Hardware manufacturer Alchin Long Group is looking at a new two-year contract from Origin Energy which has surged from $55.30 per megawatt-hour to $109.70. They were bringing operations back to Sydney from China, but may have to think again.

Aluminium scrap processor Weston Aluminium pays $57/MWh on its existing contract. They are hearing prices of $150 in the market for the future.

8. Bruce Mountain says it’s the price of gas, not renewables

Bruce Mountain took a look at why Victoria’s demand-weighted average wholesale electricity market price rose by 46% in 2016, compared to 2015.

For starters, he finds that it is not higher market volatility that causes prices to rise. He says:

    gas prices, as measured by the average quarterly prices in the Victoria Gas Market, rose 69% from $4.12 to $6.69 per GJ.

That’s the basic reason. Prices flow from one state to another. And that story, of course is the story of the coal seam gas exports from Queensland.

Renewable generation in SA has depressed wholesale prices compared to what they otherwise would have been, he says.

In the AFR on Wednesday it was Gas squeeze gets worse on the front page. Polystyrene foam cups manufacturer Remapak is being “crippled” by a tripling in its gas price in the past two years.

Seems now producers say there is gas available, at a price.

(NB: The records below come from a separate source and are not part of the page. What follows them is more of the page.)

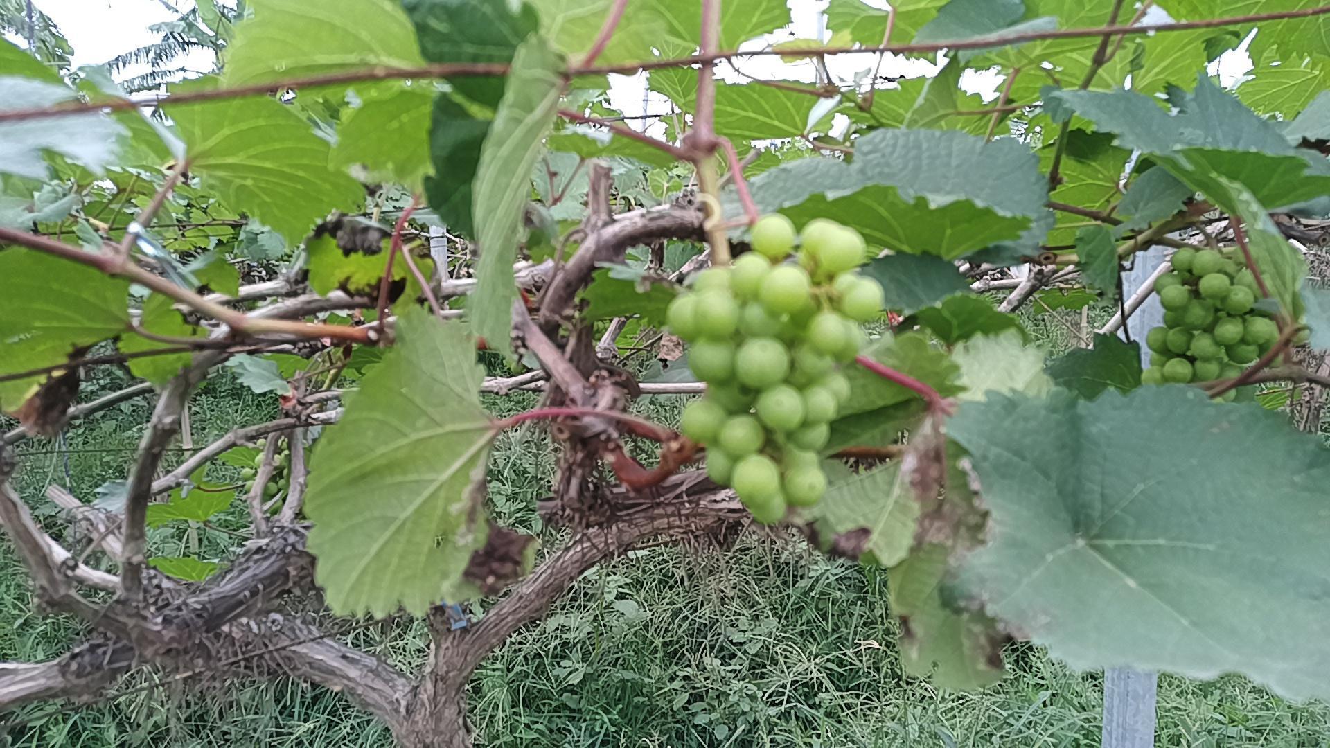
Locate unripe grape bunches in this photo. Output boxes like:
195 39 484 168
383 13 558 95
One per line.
1143 248 1310 403
667 215 883 522

9. Quiggin says renationalise the electricity grid

Prof John Quiggin says:

    a unified national grid, with a single authority running transmission networks and the interconnectors between them. This would still allow competition in generation, but would abandon the idea of market incentives in the provision of network services.

    Electricity networks are considered to be natural monopolies. Unlike other industries, where it makes sense for lots of businesses to compete and drive costs lower, the cost and importance of supplying electricity means it make sense for one business to control the market.

    Given this status, this authority should not be a privatised firm or even a corporatised government enterprise. Instead, it should be a statutory authority with a primary mission of delivering energy security at low cost.

We need just one statutory authority for the whole eastern states sector. The process of renationalising may have to happen a piece at a time, however, perhaps beginning with SA and Tasmania.

Not sure how that is going to cure the price of gas.

Anyway Nick Xenophon says he won’t talk about company tax cuts until Turnbull deals with the energy crisis.

2 thoughts on “Climate clippings 198”

  1. Steve Austin had a long interview with John Quiggin this morning, who clearly has the whole electricity system in his massive brain. They don’t seem to post these interviews on the net any more, but I’ll try to find it tonight.

    As Ootz said here , just about everyone is in favour of an energy intensity system (EIS) including electricity suppliers and banks.

  2. Australia has plenty of Arsenic; not sure about Gallium though.

    Anyway, even if we had mountains of Gallium-bearing ores to match, our heroic big investors would be too frightened to take a punt on this new technology so we’ll buy it back from China as ten times the price – as usual.